By Lee Green, J.D. on March 09, 2021 hst Print

Evolution of the Issue

Title IX, enacted in June of 1972, is a 37-word, broad-based, anti-gender-discrimination statute mandating equality for women and girls in education and athletics programs that receive federal financial assistance. Throughout its near 50 years on the books, the law has been applied to areas including, but not limited to, sports participation, gender inequities between athletic programs, sexual harassment, access to school facilities, STEM programs, opportunities for higher education, and other pervasive yet insidious forms of gender discrimination.

Over the course of the last 28 years, one of the most hotly-contested questions regarding the interpretation and application of Title IX with regard to transgender students has been whether the definition of the word “sex” in the statute refers to gender at birth or gender identity. Beginning early in the two terms of President William Clinton’s presidential administration, continuing through the two terms of President George W. Bush’s administration, and extending through the two terms of President Barack Obama’s tenure in office, a clear trend emerged in the directives issued by the Department of Education and its Office for Civil Rights – supported by federal court rulings nationwide – that the word sex in Title IX references gender identity, not gender at birth.

However, over the course of the past four years, that ongoing progression of increased protections for transgender individuals, students and student-athletes came to a halt as the now-outgoing administration erased such safeguards in schools, universities, sports programs, health care, federal employment, the military, federal prisons, homeless shelters and numerous other aspects of American life.

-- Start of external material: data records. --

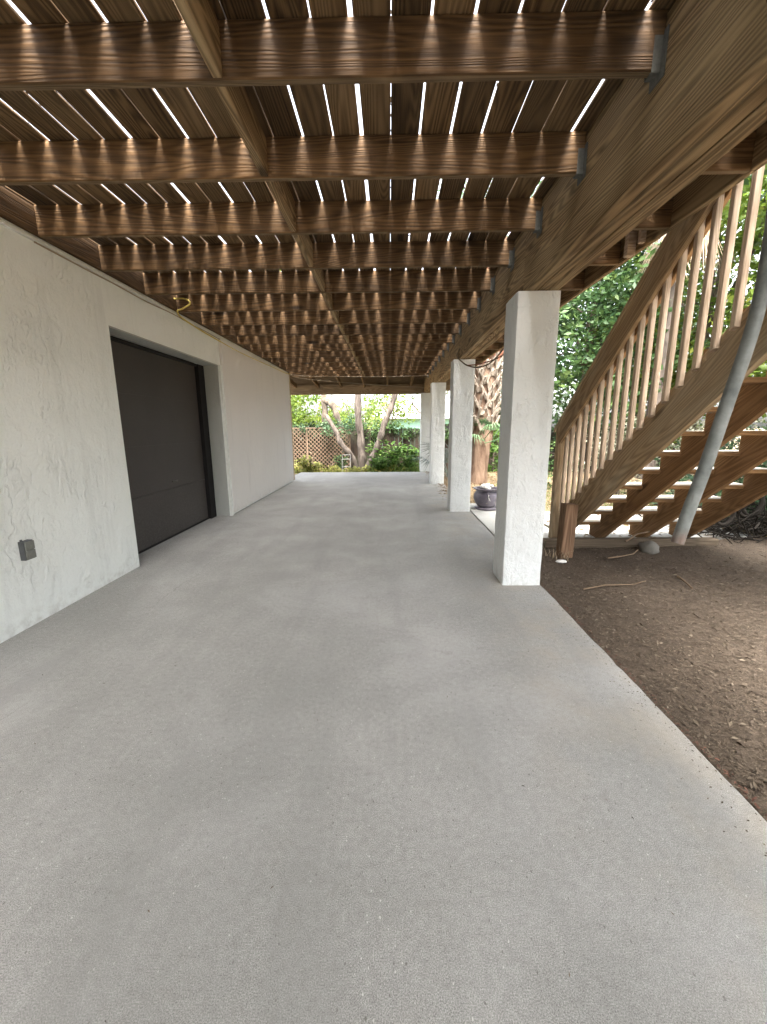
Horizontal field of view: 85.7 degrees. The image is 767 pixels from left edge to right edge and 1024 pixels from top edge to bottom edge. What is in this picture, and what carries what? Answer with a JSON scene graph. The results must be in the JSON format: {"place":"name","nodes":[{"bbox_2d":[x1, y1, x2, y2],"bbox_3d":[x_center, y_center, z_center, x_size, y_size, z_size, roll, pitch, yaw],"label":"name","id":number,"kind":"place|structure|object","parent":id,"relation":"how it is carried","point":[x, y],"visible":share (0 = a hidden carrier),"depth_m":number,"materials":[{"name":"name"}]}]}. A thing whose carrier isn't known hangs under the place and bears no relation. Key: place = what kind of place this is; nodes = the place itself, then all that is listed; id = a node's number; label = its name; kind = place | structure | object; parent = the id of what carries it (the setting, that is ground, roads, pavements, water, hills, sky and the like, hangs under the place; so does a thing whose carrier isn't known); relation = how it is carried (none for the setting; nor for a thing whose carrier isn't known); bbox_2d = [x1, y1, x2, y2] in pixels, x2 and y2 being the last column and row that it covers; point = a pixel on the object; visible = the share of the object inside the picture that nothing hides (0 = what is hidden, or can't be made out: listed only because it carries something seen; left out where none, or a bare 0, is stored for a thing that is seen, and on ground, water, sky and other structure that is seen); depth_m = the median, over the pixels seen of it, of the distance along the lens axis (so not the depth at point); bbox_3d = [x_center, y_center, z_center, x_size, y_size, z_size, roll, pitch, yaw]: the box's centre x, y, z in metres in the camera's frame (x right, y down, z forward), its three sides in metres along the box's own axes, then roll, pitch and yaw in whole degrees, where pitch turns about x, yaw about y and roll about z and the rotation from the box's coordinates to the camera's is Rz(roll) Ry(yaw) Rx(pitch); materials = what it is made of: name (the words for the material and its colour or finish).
{"place":"outdoors","nodes":[
{"label":"outdoors","id":0,"kind":"place"},
{"bbox_2d":[11,0,653,239],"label":"gap debris","id":1,"kind":"object","parent":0,"point":[390,113],"visible":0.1,"depth_m":1.90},
{"bbox_2d":[0,472,766,1023],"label":"carport slab","id":2,"kind":"structure","parent":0,"point":[544,846],"depth_m":1.43,"materials":[{"name":"concrete"}]},
{"bbox_2d":[0,217,294,642],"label":"house","id":3,"kind":"structure","parent":2,"relation":"on","point":[134,423],"depth_m":3.43,"materials":[{"name":"white paint"}]},
{"bbox_2d":[110,335,208,553],"bbox_3d":[-2.555,-0.742,4.718,0.075,2.136,2.075,0,12,1],"label":"garage door","id":4,"kind":"structure","parent":3,"relation":"in","point":[157,395],"depth_m":4.70,"materials":[{"name":"paint"}]},
{"bbox_2d":[0,0,766,394],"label":"wooden deck","id":5,"kind":"structure","parent":3,"relation":"on","point":[666,136],"depth_m":2.07,"materials":[{"name":"brown wood"}]},
{"bbox_2d":[174,298,289,374],"bbox_3d":[-2.146,-2.718,7.016,0.194,0.240,5.210,0,12,1],"label":"yellow cable","id":6,"kind":"object","parent":5,"relation":"attached to","point":[189,304],"visible":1,"depth_m":4.98,"materials":[{"name":"plastic"}]},
{"bbox_2d":[290,375,423,387],"bbox_3d":[-0.721,-3.421,10.983,4.009,0.111,0.777,-8,14,-33],"label":"cable","id":7,"kind":"object","parent":5,"relation":"attached to","point":[353,383],"visible":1,"depth_m":11.33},
{"bbox_2d":[290,374,428,376],"bbox_3d":[-0.551,-3.307,10.057,3.389,0.076,0.288,-3,12,-12],"label":"cable","id":8,"kind":"object","parent":5,"relation":"attached to","point":[359,376],"visible":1,"depth_m":10.17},
{"bbox_2d":[456,348,503,367],"bbox_3d":[1.306,-2.043,4.898,0.214,0.484,1.970,-2,12,-10],"label":"cable","id":9,"kind":"object","parent":5,"relation":"hanging from","point":[478,366],"visible":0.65,"depth_m":5.53,"materials":[{"name":"black rubber"}]},
{"bbox_2d":[470,354,503,365],"bbox_3d":[1.419,-2.024,5.371,0.102,0.115,1.028,-5,12,-22],"label":"cable","id":10,"kind":"object","parent":9,"relation":"attached to","point":[486,361],"visible":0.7,"depth_m":5.56,"materials":[{"name":"black rubber"}]},
{"bbox_2d":[671,207,766,544],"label":"drain pipe","id":11,"kind":"object","parent":5,"relation":"hanging from","point":[750,335],"visible":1,"depth_m":1.99,"materials":[{"name":"metal"}]},
{"bbox_2d":[34,510,717,1021],"bbox_3d":[-0.452,0.316,4.793,3.350,0.012,8.685,0,12,1],"label":"floor debris","id":12,"kind":"object","parent":2,"relation":"on","point":[220,754],"visible":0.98,"depth_m":1.49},
{"bbox_2d":[420,393,429,471],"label":"stucco column","id":13,"kind":"structure","parent":2,"relation":"on","point":[424,415],"depth_m":11.82,"materials":[{"name":"white paint"}]},
{"bbox_2d":[429,382,445,483],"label":"stucco column","id":14,"kind":"structure","parent":2,"relation":"on","point":[437,426],"depth_m":9.16,"materials":[{"name":"white paint"}]},
{"bbox_2d":[447,359,474,511],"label":"stucco column","id":15,"kind":"structure","parent":2,"relation":"on","point":[462,376],"depth_m":6.12,"materials":[{"name":"white paint"}]},
{"bbox_2d":[493,290,560,584],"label":"stucco column","id":16,"kind":"structure","parent":2,"relation":"on","point":[530,342],"depth_m":3.16,"materials":[{"name":"white paint"}]},
{"bbox_2d":[548,601,766,855],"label":"spilled mulch","id":17,"kind":"object","parent":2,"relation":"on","point":[669,727],"visible":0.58,"depth_m":1.77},
{"bbox_2d":[1,0,766,428],"label":"sky","id":18,"kind":"structure","parent":0,"point":[335,398],"materials":[{"name":"white"}]},
{"bbox_2d":[373,399,449,447],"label":"mint house","id":19,"kind":"structure","parent":0,"point":[415,423],"depth_m":30.33,"materials":[{"name":"paint"}]},
{"bbox_2d":[470,503,548,537],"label":"side path","id":20,"kind":"structure","parent":0,"point":[486,519],"depth_m":5.87,"materials":[{"name":"concrete"}]},
{"bbox_2d":[473,486,496,510],"bbox_3d":[1.623,-0.217,6.515,0.422,0.336,0.422,-8,14,-33],"label":"planter pot","id":21,"kind":"object","parent":20,"relation":"on","point":[484,499],"visible":0.82,"depth_m":6.37,"materials":[{"name":"ceramic"}]},
{"bbox_2d":[295,428,766,536],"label":"ground","id":22,"kind":"structure","parent":0,"point":[493,481],"depth_m":9.52,"materials":[{"name":"beige soil"}]},
{"bbox_2d":[294,454,322,471],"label":"leafy plant","id":23,"kind":"object","parent":22,"relation":"on","point":[303,464],"visible":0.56,"depth_m":13.25,"materials":[{"name":"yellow plant"}]},
{"bbox_2d":[291,395,348,426],"bbox_3d":[-4.186,-3.978,18.097,5.337,4.373,5.453,0,12,1],"label":"tree","id":24,"kind":"object","parent":22,"relation":"on","point":[301,415],"visible":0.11,"depth_m":16.89,"materials":[{"name":"green plant"}]},
{"bbox_2d":[292,427,350,471],"bbox_3d":[-3.690,-2.183,15.118,4.996,1.760,0.038,0,12,1],"label":"lattice panel","id":25,"kind":"object","parent":22,"relation":"on","point":[306,435],"visible":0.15,"depth_m":15.04,"materials":[{"name":"brown wood"}]},
{"bbox_2d":[292,422,329,431],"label":"ivy","id":26,"kind":"object","parent":25,"relation":"attached to","point":[304,430],"visible":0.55,"depth_m":14.90,"materials":[{"name":"green plant"}]},
{"bbox_2d":[320,413,355,437],"bbox_3d":[-1.534,-3.019,14.494,1.532,0.833,1.418,0,12,1],"label":"ivy","id":27,"kind":"object","parent":25,"relation":"attached to","point":[349,422],"visible":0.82,"depth_m":14.44,"materials":[{"name":"green plant"}]},
{"bbox_2d":[292,421,351,471],"bbox_3d":[-3.191,-2.435,15.997,4.219,2.180,1.763,0,12,1],"label":"hedge","id":28,"kind":"object","parent":22,"relation":"on","point":[311,425],"visible":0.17,"depth_m":15.58,"materials":[{"name":"green plant"}]},
{"bbox_2d":[321,395,342,468],"bbox_3d":[-1.956,-3.044,16.063,0.937,3.118,0.324,4,12,19],"label":"forked tree","id":29,"kind":"object","parent":22,"relation":"on","point":[326,402],"visible":0.53,"depth_m":15.78,"materials":[{"name":"brown plant"}]},
{"bbox_2d":[280,270,397,471],"bbox_3d":[-0.143,-4.239,13.578,7.336,6.493,3.783,0,12,1],"label":"multi stem tree","id":30,"kind":"object","parent":22,"relation":"on","point":[360,434],"visible":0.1,"depth_m":13.65,"materials":[{"name":"grey plant"}]},
{"bbox_2d":[333,454,348,471],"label":"leafy plant","id":31,"kind":"object","parent":22,"relation":"on","point":[340,466],"visible":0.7,"depth_m":14.30,"materials":[{"name":"green plant"}]},
{"bbox_2d":[294,462,417,473],"bbox_3d":[-1.396,-1.327,13.362,5.431,0.524,1.681,0,12,1],"label":"ground cover","id":32,"kind":"object","parent":22,"relation":"on","point":[320,469],"visible":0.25,"depth_m":13.16,"materials":[{"name":"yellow plant"}]},
{"bbox_2d":[331,397,390,439],"bbox_3d":[-1.417,-3.657,19.209,3.973,3.266,4.172,0,12,1],"label":"tree","id":33,"kind":"object","parent":22,"relation":"on","point":[369,418],"visible":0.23,"depth_m":18.81,"materials":[{"name":"green plant"}]},
{"bbox_2d":[364,462,386,471],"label":"blade plant","id":34,"kind":"object","parent":22,"relation":"on","point":[372,468],"visible":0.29,"depth_m":12.93,"materials":[{"name":"green plant"}]},
{"bbox_2d":[365,441,386,466],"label":"leafy plant","id":35,"kind":"object","parent":22,"relation":"on","point":[370,448],"visible":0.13,"depth_m":14.05,"materials":[{"name":"green plant"}]},
{"bbox_2d":[367,456,394,471],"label":"leafy plant","id":36,"kind":"object","parent":22,"relation":"on","point":[382,463],"visible":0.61,"depth_m":12.80,"materials":[{"name":"green plant"}]},
{"bbox_2d":[352,394,418,445],"bbox_3d":[0.117,-5.881,26.553,4.460,4.690,4.756,0,12,1],"label":"tree","id":37,"kind":"object","parent":22,"relation":"on","point":[400,414],"visible":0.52,"depth_m":25.72,"materials":[{"name":"green plant"}]},
{"bbox_2d":[374,439,405,470],"bbox_3d":[0.289,-1.710,13.446,1.199,1.309,0.809,-8,14,-33],"label":"leafy plant","id":38,"kind":"object","parent":22,"relation":"on","point":[393,454],"visible":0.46,"depth_m":13.36,"materials":[{"name":"green plant"}]},
{"bbox_2d":[385,461,412,471],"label":"blade plant","id":39,"kind":"object","parent":22,"relation":"on","point":[395,468],"visible":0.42,"depth_m":12.88,"materials":[{"name":"green plant"}]},
{"bbox_2d":[393,452,415,469],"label":"leafy plant","id":40,"kind":"object","parent":22,"relation":"on","point":[407,458],"visible":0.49,"depth_m":13.00,"materials":[{"name":"green plant"}]},
{"bbox_2d":[400,444,419,467],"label":"leafy plant","id":41,"kind":"object","parent":22,"relation":"on","point":[414,451],"visible":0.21,"depth_m":13.64,"materials":[{"name":"green plant"}]},
{"bbox_2d":[402,460,419,471],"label":"blade plant","id":42,"kind":"object","parent":22,"relation":"on","point":[416,469],"visible":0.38,"depth_m":12.83,"materials":[{"name":"green plant"}]},
{"bbox_2d":[403,391,447,413],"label":"tree","id":43,"kind":"object","parent":22,"relation":"on","point":[412,399],"visible":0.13,"depth_m":17.34,"materials":[{"name":"green plant"}]},
{"bbox_2d":[412,433,448,476],"bbox_3d":[1.445,-1.415,10.404,1.718,1.144,1.584,8,14,36],"label":"silver palmetto","id":44,"kind":"object","parent":22,"relation":"on","point":[446,472],"visible":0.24,"depth_m":10.39,"materials":[{"name":"plant"}]},
{"bbox_2d":[472,429,499,472],"bbox_3d":[3.574,-1.911,13.100,1.598,1.795,2.088,0,12,1],"label":"bush","id":45,"kind":"object","parent":22,"relation":"on","point":[495,445],"visible":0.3,"depth_m":12.96,"materials":[{"name":"green plant"}]},
{"bbox_2d":[437,178,542,484],"bbox_3d":[2.443,-3.791,9.319,4.169,6.550,3.367,-10,15,-40],"label":"cabbage palm","id":46,"kind":"object","parent":22,"relation":"on","point":[487,387],"visible":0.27,"depth_m":9.44,"materials":[{"name":"beige plant"}]},
{"bbox_2d":[472,417,499,444],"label":"young palm","id":47,"kind":"object","parent":46,"relation":"attached to","point":[491,426],"visible":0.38,"depth_m":9.18,"materials":[{"name":"green plant"}]},
{"bbox_2d":[346,428,680,471],"bbox_3d":[5.175,-2.263,15.410,13.128,1.739,0.087,0,12,1],"label":"board fence","id":48,"kind":"object","parent":22,"relation":"on","point":[398,438],"visible":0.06,"depth_m":15.37,"materials":[{"name":"brown wood"}]},
{"bbox_2d":[354,420,472,441],"bbox_3d":[1.245,-3.003,15.201,4.765,0.885,0.888,0,12,1],"label":"ivy","id":49,"kind":"object","parent":48,"relation":"attached to","point":[396,426],"visible":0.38,"depth_m":15.19,"materials":[{"name":"green plant"}]},
{"bbox_2d":[547,440,584,488],"bbox_3d":[3.485,-1.067,9.094,1.899,1.288,1.558,0,12,1],"label":"shrub","id":50,"kind":"object","parent":22,"relation":"on","point":[549,473],"visible":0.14,"depth_m":8.88,"materials":[{"name":"green plant"}]},
{"bbox_2d":[490,483,672,506],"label":"grass","id":51,"kind":"structure","parent":22,"relation":"on","point":[576,489],"depth_m":8.13,"materials":[{"name":"green plant"}]},
{"bbox_2d":[425,471,761,537],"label":"fallen leaves","id":52,"kind":"object","parent":22,"relation":"on","point":[495,479],"visible":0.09,"depth_m":8.32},
{"bbox_2d":[572,412,677,494],"bbox_3d":[4.537,-1.047,7.875,1.877,1.722,1.936,6,13,28],"label":"shrub","id":53,"kind":"object","parent":22,"relation":"on","point":[617,492],"visible":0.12,"depth_m":7.64,"materials":[{"name":"green plant"}]},
{"bbox_2d":[550,240,709,468],"bbox_3d":[5.884,-4.780,11.630,5.026,7.594,5.598,0,12,1],"label":"tree","id":54,"kind":"object","parent":22,"relation":"on","point":[574,319],"visible":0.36,"depth_m":10.46,"materials":[{"name":"green plant"}]},
{"bbox_2d":[540,538,766,821],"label":"mulch bed","id":55,"kind":"object","parent":22,"relation":"on","point":[747,755],"visible":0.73,"depth_m":2.70,"materials":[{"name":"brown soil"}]},
{"bbox_2d":[545,547,573,560],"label":"grass tuft","id":56,"kind":"object","parent":55,"relation":"on","point":[558,554],"visible":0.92,"depth_m":4.14,"materials":[{"name":"plant"}]},
{"bbox_2d":[556,559,566,562],"bbox_3d":[1.721,0.478,4.011,0.112,0.033,0.063,0,12,1],"label":"shell","id":57,"kind":"object","parent":55,"relation":"on","point":[561,561],"visible":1,"depth_m":3.99},
{"bbox_2d":[556,503,578,558],"bbox_3d":[1.842,0.202,4.163,0.149,0.581,0.126,-1,12,-5],"label":"wooden post","id":58,"kind":"object","parent":55,"relation":"on","point":[567,527],"visible":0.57,"depth_m":4.11,"materials":[{"name":"brown wood"}]},
{"bbox_2d":[583,580,645,589],"bbox_3d":[1.909,0.599,3.390,0.628,0.017,0.046,-3,12,-14],"label":"stick","id":59,"kind":"object","parent":55,"relation":"on","point":[611,585],"visible":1,"depth_m":3.38,"materials":[{"name":"brown wood"}]},
{"bbox_2d":[607,550,637,558],"bbox_3d":[2.413,0.425,4.145,0.412,0.052,0.040,-5,12,-20],"label":"stick","id":60,"kind":"object","parent":55,"relation":"on","point":[622,555],"visible":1,"depth_m":4.12,"materials":[{"name":"brown wood"}]},
{"bbox_2d":[542,537,718,547],"bbox_3d":[2.679,0.338,4.540,1.890,0.102,0.100,0,12,1],"label":"edging timber","id":61,"kind":"object","parent":55,"relation":"on","point":[615,542],"visible":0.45,"depth_m":4.49,"materials":[{"name":"brown wood"}]},
{"bbox_2d":[625,531,649,541],"bbox_3d":[2.718,0.260,4.443,0.268,0.115,0.049,-2,12,-6],"label":"stick","id":62,"kind":"object","parent":61,"relation":"on","point":[635,535],"visible":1,"depth_m":4.44,"materials":[{"name":"brown wood"}]},
{"bbox_2d":[638,540,659,554],"bbox_3d":[2.775,0.376,4.318,0.188,0.147,0.201,0,12,1],"label":"rock","id":63,"kind":"object","parent":55,"relation":"on","point":[649,547],"visible":0.81,"depth_m":4.26,"materials":[{"name":"grey stone"}]},
{"bbox_2d":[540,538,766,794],"bbox_3d":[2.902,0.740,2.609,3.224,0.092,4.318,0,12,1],"label":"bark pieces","id":64,"kind":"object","parent":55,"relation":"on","point":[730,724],"visible":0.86,"depth_m":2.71,"materials":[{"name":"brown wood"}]},
{"bbox_2d":[676,575,692,588],"bbox_3d":[2.523,0.585,3.465,0.021,0.026,0.280,3,12,14],"label":"stick","id":65,"kind":"object","parent":55,"relation":"on","point":[684,581],"visible":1,"depth_m":3.46,"materials":[{"name":"wood"}]},
{"bbox_2d":[548,165,766,537],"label":"staircase","id":66,"kind":"structure","parent":22,"relation":"on","point":[691,397],"depth_m":3.18,"materials":[{"name":"brown wood"}]},
{"bbox_2d":[556,264,765,426],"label":"tree","id":67,"kind":"object","parent":22,"relation":"on","point":[630,374],"visible":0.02,"depth_m":14.96,"materials":[{"name":"green plant"}]},
{"bbox_2d":[578,176,766,449],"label":"tree","id":68,"kind":"object","parent":22,"relation":"on","point":[757,243],"visible":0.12,"depth_m":10.72,"materials":[{"name":"green plant"}]},
{"bbox_2d":[635,174,751,479],"bbox_3d":[6.921,-4.825,9.812,4.302,8.292,4.076,0,12,1],"label":"skirted palm","id":69,"kind":"object","parent":22,"relation":"on","point":[672,291],"visible":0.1,"depth_m":9.70,"materials":[{"name":"grey plant"}]},
{"bbox_2d":[638,494,766,543],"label":"vine tangle","id":70,"kind":"object","parent":22,"relation":"on","point":[754,522],"visible":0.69,"depth_m":4.67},
{"bbox_2d":[651,419,766,526],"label":"shrub","id":71,"kind":"object","parent":22,"relation":"on","point":[730,446],"visible":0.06,"depth_m":5.39,"materials":[{"name":"green plant"}]},
{"bbox_2d":[660,419,766,493],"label":"shrub","id":72,"kind":"object","parent":22,"relation":"on","point":[701,428],"visible":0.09,"depth_m":7.33,"materials":[{"name":"green plant"}]},
{"bbox_2d":[706,164,766,414],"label":"tree","id":73,"kind":"object","parent":22,"relation":"on","point":[750,291],"visible":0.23,"depth_m":8.57,"materials":[{"name":"green plant"}]},
{"bbox_2d":[742,168,766,201],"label":"tree","id":74,"kind":"object","parent":22,"relation":"on","point":[746,181],"visible":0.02,"depth_m":4.79,"materials":[{"name":"green plant"}]},
{"bbox_2d":[544,512,752,539],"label":"garden path","id":75,"kind":"structure","parent":0,"point":[623,533],"depth_m":5.08,"materials":[{"name":"concrete"}]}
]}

On the evening of January 20, 2021, just hours after the inauguration of the 46th President of the United States, with the virtual inaugural ball taking place just over a mile away from the White House on the steps of the Lincoln Memorial under the watchful gaze of the Great Emancipator, with his most famous writings on the core American value of equal protection under the law illuminated by spotlights on the interior walls of the Memorial, Joseph R. Biden Jr. sat at his desk in the oval office signing a series of Executive Orders, including one explicitly reinstating protections against discrimination for LGBTQ individuals, students and student-athletes.

Executive Order 13988

The following is the title and full-text of the Executive Order. A digital version is available here and its Federal Register Citation is 86 FR 7023 Document Number 2021-01761.

Executive Order on Preventing and Combating Discrimination on the Basis of Gender Identity or Sexual Orientation
January 20, 2021 • Presidential Actions

By the authority vested in me as President by the Constitution and the laws of the United States of America, it is hereby ordered as follows:

Section 1. Policy. Every person should be treated with respect and dignity and should be able to live without fear, no matter who they are or whom they love. Children should be able to learn without worrying about whether they will be denied access to the restroom, the locker room, or school sports.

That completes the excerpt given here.